### What you are asked to do
The records are to be copied in their entirety, exactly as given.

### Records supplied
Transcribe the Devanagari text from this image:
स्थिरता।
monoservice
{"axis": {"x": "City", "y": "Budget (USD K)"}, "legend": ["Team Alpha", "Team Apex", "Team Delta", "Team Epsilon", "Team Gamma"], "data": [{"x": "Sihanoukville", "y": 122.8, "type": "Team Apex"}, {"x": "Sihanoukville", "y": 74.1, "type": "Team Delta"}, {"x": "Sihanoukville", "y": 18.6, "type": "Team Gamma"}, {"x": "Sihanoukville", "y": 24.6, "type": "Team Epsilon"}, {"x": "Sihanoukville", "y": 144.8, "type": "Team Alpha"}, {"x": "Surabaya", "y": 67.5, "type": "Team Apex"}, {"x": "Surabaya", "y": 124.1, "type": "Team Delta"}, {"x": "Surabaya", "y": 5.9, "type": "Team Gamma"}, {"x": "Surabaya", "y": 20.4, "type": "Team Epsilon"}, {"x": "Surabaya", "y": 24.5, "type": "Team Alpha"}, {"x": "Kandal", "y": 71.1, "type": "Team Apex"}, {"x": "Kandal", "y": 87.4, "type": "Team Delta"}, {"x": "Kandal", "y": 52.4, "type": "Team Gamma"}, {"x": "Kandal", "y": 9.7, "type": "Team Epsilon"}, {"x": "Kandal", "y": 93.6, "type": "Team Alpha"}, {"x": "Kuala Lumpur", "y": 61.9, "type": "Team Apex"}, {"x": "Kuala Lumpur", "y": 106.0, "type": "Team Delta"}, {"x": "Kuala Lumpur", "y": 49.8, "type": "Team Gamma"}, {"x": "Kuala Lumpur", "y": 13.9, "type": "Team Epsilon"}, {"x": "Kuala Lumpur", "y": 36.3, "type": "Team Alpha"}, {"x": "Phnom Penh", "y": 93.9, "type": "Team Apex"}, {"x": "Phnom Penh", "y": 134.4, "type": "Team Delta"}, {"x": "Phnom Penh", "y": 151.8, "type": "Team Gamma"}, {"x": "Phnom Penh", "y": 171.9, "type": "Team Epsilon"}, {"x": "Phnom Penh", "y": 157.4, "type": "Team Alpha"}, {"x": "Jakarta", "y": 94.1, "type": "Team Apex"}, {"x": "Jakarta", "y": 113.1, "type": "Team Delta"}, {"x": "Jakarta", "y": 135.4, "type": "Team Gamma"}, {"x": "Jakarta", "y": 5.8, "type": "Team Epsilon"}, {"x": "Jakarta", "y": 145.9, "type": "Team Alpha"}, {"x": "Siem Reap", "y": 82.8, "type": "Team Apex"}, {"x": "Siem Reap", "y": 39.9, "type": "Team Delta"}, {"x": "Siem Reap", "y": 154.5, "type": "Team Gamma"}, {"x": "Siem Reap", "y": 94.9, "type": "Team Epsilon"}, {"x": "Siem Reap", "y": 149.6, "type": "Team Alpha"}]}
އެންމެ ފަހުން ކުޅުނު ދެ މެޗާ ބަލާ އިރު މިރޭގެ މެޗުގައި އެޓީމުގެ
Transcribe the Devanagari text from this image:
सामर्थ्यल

### Finished task
Transcribe the Devanagari text from this image:
स्थिरता।
monoservice
{"axis": {"x": "City", "y": "Budget (USD K)"}, "legend": ["Team Alpha", "Team Apex", "Team Delta", "Team Epsilon", "Team Gamma"], "data": [{"x": "Sihanoukville", "y": 122.8, "type": "Team Apex"}, {"x": "Sihanoukville", "y": 74.1, "type": "Team Delta"}, {"x": "Sihanoukville", "y": 18.6, "type": "Team Gamma"}, {"x": "Sihanoukville", "y": 24.6, "type": "Team Epsilon"}, {"x": "Sihanoukville", "y": 144.8, "type": "Team Alpha"}, {"x": "Surabaya", "y": 67.5, "type": "Team Apex"}, {"x": "Surabaya", "y": 124.1, "type": "Team Delta"}, {"x": "Surabaya", "y": 5.9, "type": "Team Gamma"}, {"x": "Surabaya", "y": 20.4, "type": "Team Epsilon"}, {"x": "Surabaya", "y": 24.5, "type": "Team Alpha"}, {"x": "Kandal", "y": 71.1, "type": "Team Apex"}, {"x": "Kandal", "y": 87.4, "type": "Team Delta"}, {"x": "Kandal", "y": 52.4, "type": "Team Gamma"}, {"x": "Kandal", "y": 9.7, "type": "Team Epsilon"}, {"x": "Kandal", "y": 93.6, "type": "Team Alpha"}, {"x": "Kuala Lumpur", "y": 61.9, "type": "Team Apex"}, {"x": "Kuala Lumpur", "y": 106.0, "type": "Team Delta"}, {"x": "Kuala Lumpur", "y": 49.8, "type": "Team Gamma"}, {"x": "Kuala Lumpur", "y": 13.9, "type": "Team Epsilon"}, {"x": "Kuala Lumpur", "y": 36.3, "type": "Team Alpha"}, {"x": "Phnom Penh", "y": 93.9, "type": "Team Apex"}, {"x": "Phnom Penh", "y": 134.4, "type": "Team Delta"}, {"x": "Phnom Penh", "y": 151.8, "type": "Team Gamma"}, {"x": "Phnom Penh", "y": 171.9, "type": "Team Epsilon"}, {"x": "Phnom Penh", "y": 157.4, "type": "Team Alpha"}, {"x": "Jakarta", "y": 94.1, "type": "Team Apex"}, {"x": "Jakarta", "y": 113.1, "type": "Team Delta"}, {"x": "Jakarta", "y": 135.4, "type": "Team Gamma"}, {"x": "Jakarta", "y": 5.8, "type": "Team Epsilon"}, {"x": "Jakarta", "y": 145.9, "type": "Team Alpha"}, {"x": "Siem Reap", "y": 82.8, "type": "Team Apex"}, {"x": "Siem Reap", "y": 39.9, "type": "Team Delta"}, {"x": "Siem Reap", "y": 154.5, "type": "Team Gamma"}, {"x": "Siem Reap", "y": 94.9, "type": "Team Epsilon"}, {"x": "Siem Reap", "y": 149.6, "type": "Team Alpha"}]}
އެންމެ ފަހުން ކުޅުނު ދެ މެޗާ ބަލާ އިރު މިރޭގެ މެޗުގައި އެޓީމުގެ
Transcribe the Devanagari text from this image:
सामर्थ्यल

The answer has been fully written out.